The match was a three-day affair, played between 30th June and 2nd July. Due to damp conditions, play did not start until 4 p.m on the first day. Batting first, Ireland found out why Schwarz was touted as one of the best players in the touring party as he picked up 5/65 to consign the hosts to 160 all out in 55.4 overs.
Leg-break bowler Gordon White chipped in with 3/14. Ireland’s wicketkeeper Frank Browning top-scored with a crucial 40 from number seven to give the innings some much-needed meat while opener Andrew Comyn laid the platform with a sedate 32.
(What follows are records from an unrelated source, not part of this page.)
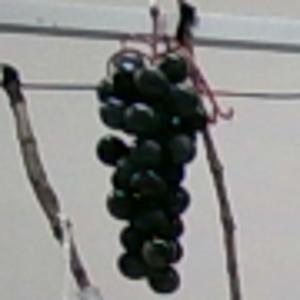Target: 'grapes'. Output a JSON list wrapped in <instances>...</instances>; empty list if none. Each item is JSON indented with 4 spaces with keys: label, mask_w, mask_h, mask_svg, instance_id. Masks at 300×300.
Returning a JSON list of instances; mask_svg holds the SVG:
<instances>
[{
    "label": "grapes",
    "mask_w": 300,
    "mask_h": 300,
    "mask_svg": "<svg viewBox=\"0 0 300 300\" xmlns=\"http://www.w3.org/2000/svg\"><path fill=\"white\" fill-rule=\"evenodd\" d=\"M194 71L193 61L175 52L161 58L159 69L126 58L96 89L100 123L135 135L133 146L118 134L102 137L96 146L98 161L115 166L106 198L108 214L126 222L118 233L125 252L116 269L132 282L146 278L148 289L157 295L174 294L182 284L175 268L184 256L180 217L190 211L192 199L180 185L184 165L199 154L196 132L210 121L201 92L183 87Z\"/></svg>",
    "instance_id": "01657485"
}]
</instances>
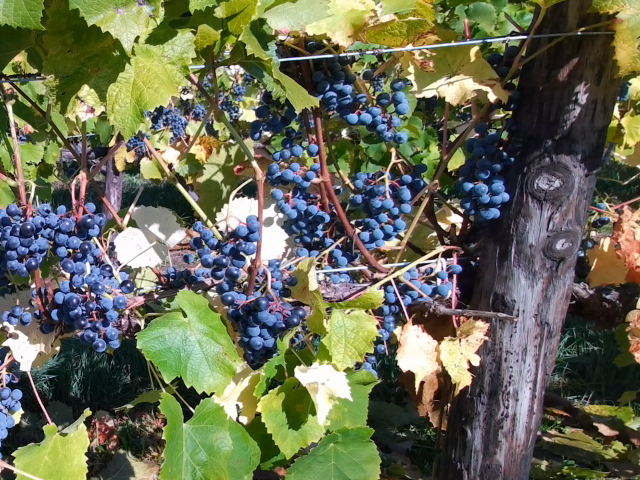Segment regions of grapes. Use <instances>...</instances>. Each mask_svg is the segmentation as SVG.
<instances>
[{"mask_svg":"<svg viewBox=\"0 0 640 480\" xmlns=\"http://www.w3.org/2000/svg\"><path fill=\"white\" fill-rule=\"evenodd\" d=\"M87 212L77 225L76 234L72 236L77 220L71 215L61 216L68 212L66 205H59L53 213L48 202L38 207V214L21 219L24 210L19 205L8 204L6 209H0V269L11 274L18 273L20 277H28L30 272L38 270L42 259L47 254L48 246L55 240L56 255L61 258L60 265L66 273H74L72 281H61L53 295L55 305L50 311L52 321L64 320L68 333L84 330L80 334V343L93 345L94 351L103 353L107 350V343L111 350L121 347L118 339L119 331L113 327L114 321L120 318V311L128 305V298L116 295L114 298L103 297L104 293L111 294L114 290L130 294L135 290V284L130 281L129 272H119L121 283L114 277V270L110 263L95 265L96 256L101 249L91 242L101 234V228L107 224L105 213L94 214L97 205L87 202ZM82 288L86 284L92 287L93 300L84 302L79 293H71L72 286ZM105 313V319L92 321L89 314L96 310Z\"/></svg>","mask_w":640,"mask_h":480,"instance_id":"1","label":"grapes"},{"mask_svg":"<svg viewBox=\"0 0 640 480\" xmlns=\"http://www.w3.org/2000/svg\"><path fill=\"white\" fill-rule=\"evenodd\" d=\"M245 225H236L235 230L229 231V237L235 243L221 242L214 238L203 221H195L193 230L200 233L192 237L189 245L192 250H198L201 265L194 271L196 282H203L204 277H212L215 281L222 280L216 286L221 295V304L229 306L227 319L237 321V332L240 333L239 346L246 350L243 359L249 366L265 364L267 360L279 355L276 335L285 329L296 327L305 318V309L294 307L289 302L280 301L279 306L285 307L286 316L280 311L270 313V303L274 297L266 293L254 292L248 296L241 291H233L235 281L240 278L241 270L246 264V258L240 254L254 255L257 251L254 242L261 239L259 233L260 222L256 215L245 218Z\"/></svg>","mask_w":640,"mask_h":480,"instance_id":"2","label":"grapes"},{"mask_svg":"<svg viewBox=\"0 0 640 480\" xmlns=\"http://www.w3.org/2000/svg\"><path fill=\"white\" fill-rule=\"evenodd\" d=\"M427 171V165L420 163L415 166V172L403 175L400 178V184L402 186L396 188L398 199L401 203L399 207L395 206V201L392 198L380 199L381 195H386V185H367L360 194H355L349 199V204L352 207H360L361 203L364 206L361 207V211L367 214L364 219H356L355 226H363L362 232L359 233L364 244L367 246L370 252H374L376 247H384L386 242H392L397 239V235L401 234L407 227V222L403 220L400 213L411 214V200L413 194L410 189L415 192H421L425 188V182L423 179H419V176ZM382 210H389V215L394 220V225L380 226L381 223H387L389 216L381 212Z\"/></svg>","mask_w":640,"mask_h":480,"instance_id":"3","label":"grapes"},{"mask_svg":"<svg viewBox=\"0 0 640 480\" xmlns=\"http://www.w3.org/2000/svg\"><path fill=\"white\" fill-rule=\"evenodd\" d=\"M321 169V164L312 163L310 170L305 172V177L301 175H294V172L301 171V164L299 162H291L289 169L280 171V165L278 163H269L268 171L266 173V179L270 180V185L278 187L281 185H287L290 183L297 184L293 189L292 201L285 202L283 199L284 191L281 188H273L271 190V196L277 201V208L281 210L283 214H287L290 219V223L285 227V233L288 236H292L295 233H303L302 236H295L294 241L296 243H310L314 238L323 240V246L325 249L333 246L335 240L330 237L324 238V227L331 220V215L328 212L321 211L316 205H309L307 202L315 197L314 193L307 192V189L311 187V181L317 177V172Z\"/></svg>","mask_w":640,"mask_h":480,"instance_id":"4","label":"grapes"},{"mask_svg":"<svg viewBox=\"0 0 640 480\" xmlns=\"http://www.w3.org/2000/svg\"><path fill=\"white\" fill-rule=\"evenodd\" d=\"M334 81L326 78L317 86V90L312 92L315 98L323 99L327 111L334 109L339 112L340 118L346 120L350 125L366 126L369 132H376L381 135L384 143L394 142L404 144L409 140V135L403 131L392 133L391 128L401 126L400 117H392L390 122L381 115V108L377 106H367L361 113H355L357 107L367 101V94H353V83L356 81L355 75H345L343 71L334 74Z\"/></svg>","mask_w":640,"mask_h":480,"instance_id":"5","label":"grapes"},{"mask_svg":"<svg viewBox=\"0 0 640 480\" xmlns=\"http://www.w3.org/2000/svg\"><path fill=\"white\" fill-rule=\"evenodd\" d=\"M495 159L499 162H494L490 170L481 168L475 171V177L480 180H487L492 173L494 176L491 178V184L483 182L475 184L470 179H461L456 184L459 192L464 194L472 192V195L477 198L476 200L464 198L460 202V208L465 210L468 216H475L479 221L498 218L501 204H507L510 201V195L505 191L506 180L499 174L503 171V165L500 162L511 165L515 162V158L507 151H498Z\"/></svg>","mask_w":640,"mask_h":480,"instance_id":"6","label":"grapes"},{"mask_svg":"<svg viewBox=\"0 0 640 480\" xmlns=\"http://www.w3.org/2000/svg\"><path fill=\"white\" fill-rule=\"evenodd\" d=\"M433 272L431 267H428L424 270L426 275H430ZM423 272H420L418 267H411L408 271L403 272V277L405 281L410 282L411 285L415 286L421 293L427 295L429 297H434L435 295L446 296L450 293V290L453 288V284L451 282L440 283L438 286L436 285H428L426 282L421 283L416 279L419 276H424ZM396 291L400 294V299L405 307L409 305H416L417 301H428L431 302L429 297L420 296V294L415 290L411 289L405 283H399L396 286Z\"/></svg>","mask_w":640,"mask_h":480,"instance_id":"7","label":"grapes"},{"mask_svg":"<svg viewBox=\"0 0 640 480\" xmlns=\"http://www.w3.org/2000/svg\"><path fill=\"white\" fill-rule=\"evenodd\" d=\"M23 397L24 392L21 389L12 390L10 387L0 389V448L2 440L8 437V429L15 425L14 417L8 415L9 410L20 411L22 409L20 401Z\"/></svg>","mask_w":640,"mask_h":480,"instance_id":"8","label":"grapes"},{"mask_svg":"<svg viewBox=\"0 0 640 480\" xmlns=\"http://www.w3.org/2000/svg\"><path fill=\"white\" fill-rule=\"evenodd\" d=\"M391 90L396 91L392 97L388 93H380L376 97V101L380 106H387L394 102L395 111L399 115H406L410 113L409 100L406 98V94L402 92L405 88V81L403 79H393L389 83Z\"/></svg>","mask_w":640,"mask_h":480,"instance_id":"9","label":"grapes"},{"mask_svg":"<svg viewBox=\"0 0 640 480\" xmlns=\"http://www.w3.org/2000/svg\"><path fill=\"white\" fill-rule=\"evenodd\" d=\"M268 268L272 269V278L276 279V281L272 282V294L275 295L276 298L290 297L292 295L290 288H295L298 285V278L289 275L285 278L287 287H283L284 271L281 270L283 268L282 262L279 259H270L268 261Z\"/></svg>","mask_w":640,"mask_h":480,"instance_id":"10","label":"grapes"},{"mask_svg":"<svg viewBox=\"0 0 640 480\" xmlns=\"http://www.w3.org/2000/svg\"><path fill=\"white\" fill-rule=\"evenodd\" d=\"M304 138V132L296 130L295 128H288L286 130V137L281 140V151L272 153V159L274 161H284L293 157H301L305 154V147L299 144H294V140H302Z\"/></svg>","mask_w":640,"mask_h":480,"instance_id":"11","label":"grapes"},{"mask_svg":"<svg viewBox=\"0 0 640 480\" xmlns=\"http://www.w3.org/2000/svg\"><path fill=\"white\" fill-rule=\"evenodd\" d=\"M41 312L35 310L33 314L28 311H23L21 305L14 304L10 311H2L0 313V319L3 322H7L10 326H17L19 322L20 327H29L33 321V317L36 320L41 319Z\"/></svg>","mask_w":640,"mask_h":480,"instance_id":"12","label":"grapes"},{"mask_svg":"<svg viewBox=\"0 0 640 480\" xmlns=\"http://www.w3.org/2000/svg\"><path fill=\"white\" fill-rule=\"evenodd\" d=\"M400 311V307L397 304L382 305L379 308L380 314L383 316V327L378 330L380 339L382 341H389L391 339V332L396 328L395 316Z\"/></svg>","mask_w":640,"mask_h":480,"instance_id":"13","label":"grapes"},{"mask_svg":"<svg viewBox=\"0 0 640 480\" xmlns=\"http://www.w3.org/2000/svg\"><path fill=\"white\" fill-rule=\"evenodd\" d=\"M342 246L343 244L340 242L336 247H333L331 249V256L334 258V263L336 264V266L332 267L330 265H325L324 269L343 268L347 267V265L353 260V258L355 262H358L360 260V256L357 254H354L353 256L350 252H345L343 254L344 249L342 248Z\"/></svg>","mask_w":640,"mask_h":480,"instance_id":"14","label":"grapes"},{"mask_svg":"<svg viewBox=\"0 0 640 480\" xmlns=\"http://www.w3.org/2000/svg\"><path fill=\"white\" fill-rule=\"evenodd\" d=\"M271 124L265 123L263 120H254L251 122V131L250 138L253 141H258L261 139V134L263 131H270Z\"/></svg>","mask_w":640,"mask_h":480,"instance_id":"15","label":"grapes"},{"mask_svg":"<svg viewBox=\"0 0 640 480\" xmlns=\"http://www.w3.org/2000/svg\"><path fill=\"white\" fill-rule=\"evenodd\" d=\"M367 179H369L371 182H374L375 176L372 173H363V172H358L355 175V179L352 181V184L357 192H360L363 189Z\"/></svg>","mask_w":640,"mask_h":480,"instance_id":"16","label":"grapes"},{"mask_svg":"<svg viewBox=\"0 0 640 480\" xmlns=\"http://www.w3.org/2000/svg\"><path fill=\"white\" fill-rule=\"evenodd\" d=\"M326 276L330 278L333 284L342 282L349 284L351 282V276L349 275V272L326 274Z\"/></svg>","mask_w":640,"mask_h":480,"instance_id":"17","label":"grapes"},{"mask_svg":"<svg viewBox=\"0 0 640 480\" xmlns=\"http://www.w3.org/2000/svg\"><path fill=\"white\" fill-rule=\"evenodd\" d=\"M377 363V358L375 356H368L366 361L362 363V369L364 371H370L375 377L379 376V373L372 367Z\"/></svg>","mask_w":640,"mask_h":480,"instance_id":"18","label":"grapes"},{"mask_svg":"<svg viewBox=\"0 0 640 480\" xmlns=\"http://www.w3.org/2000/svg\"><path fill=\"white\" fill-rule=\"evenodd\" d=\"M160 276L161 277H168L171 279H176L178 276V271L176 270L175 267H169L166 269V271H161L160 272Z\"/></svg>","mask_w":640,"mask_h":480,"instance_id":"19","label":"grapes"}]
</instances>
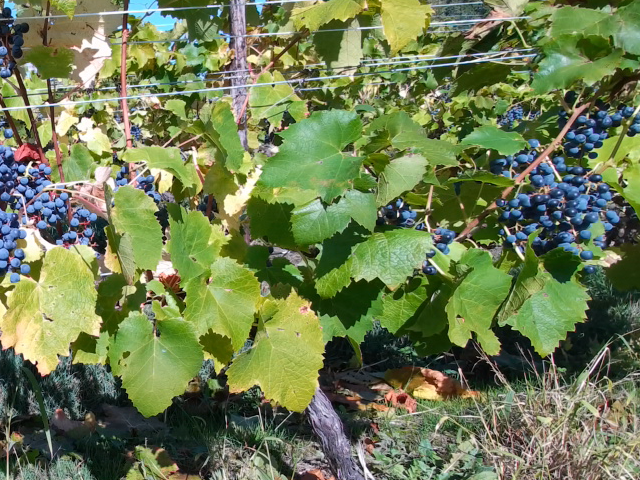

On a sticky track, this total was a very good effort and Ireland’s bowlers showed the visitors during the latter’s reply on how to make the most of it. The right-arm off-break bowler Thomas ‘Tom’ Ross proceeded to rip through the South Africans with a stunning display of bowling.
Ross picked up all but one wicket, finishing with outstanding figures of 17.5-6-28-9. The entire team collapsed for a paltry 64 in 35.5 overs, with only Frank Mitchell (25) managing double figures. Ross’ fellow spinner William Harrington took the remaining wicket. The lead was a invaluable 96 runs.
Indeed, the pitch had become a slow bowler’s delight and the ball was now in the South Africans’ court to restrict the hosts in the second innings and ensure a manageable target. However, the Irish batsmen proved yet again that they were better accustomed than their counterparts on that pitch, ending their second innings on 135 in 39.1 overs.
Just as in the first innings, Schwarz (3/23) and White (4/27) were the performers for the South Africans, but they were thwarted well by Browning again. The gutsy wicket-keeper top-scored for the second time in the match, scoring 31.
He was aided by Septimus Lambert (27) and Harry Corley (28) as the trio rescued the innings after another worrying start. The target for the South Africans was a big challenge and Ireland were firm favourites as the fourth innings commenced.
If the visitors wanted to make a match out of it, their dependable openers Tancred and Sinclair had to no doubt provide a promising start. However, both of them got out for ducks to Harrington, giving the innings a woeful start. From that point on, the South Africans lost their appetite for a fight and the wickets tumbled one by one.
Mitchell (21), White (30) and Snooke (25) were the ones who tried their best to get the score anywhere close to the target, but the bowlers, Harrington (5/66) in particular, were too good for them. Ross took 2/36 to give himself 11/64 in the match, while EJ Donovan and Gus Kelly – who was the opener Comyn’s brother-in-law – shared the remaining three wickets.
The South Africans were bowled out for 138 in 44.2 overs, a much better showing than their first innings but not enough to deny the jubilant Irishmen, who won by a comfortable 93 runs.
As it happened, this turned out to be one of only three defeats for the South Africans on the tour, sandwiched between the aforementioned defeat to Worcestershire and another one against Kent in late August. Worcestershire and Kent were full-fledged counties and the matches against them had proper first-class status.
Whereas Ireland were nothing more than a bunch of greenhorn amateurs, who were only too glad to face a national team filled with Test cricketers. Imagine then, what must have been the satisfaction when the historic win was completed.
Thus the Irish tendency to create giant-killing upsets had begun way back in 1904. In 1928, Ireland beat the touring West Indians and repeated the trick in 1969 and 2004 (the latter being a 50-overs game). In 2003, it was Zimbabwe who bore the brunt in a 50-overs game.
Each of these few victories in the days before Ireland attained full international status were path-breaking in their own way, of which College Park, 1904 remains the original watershed moment.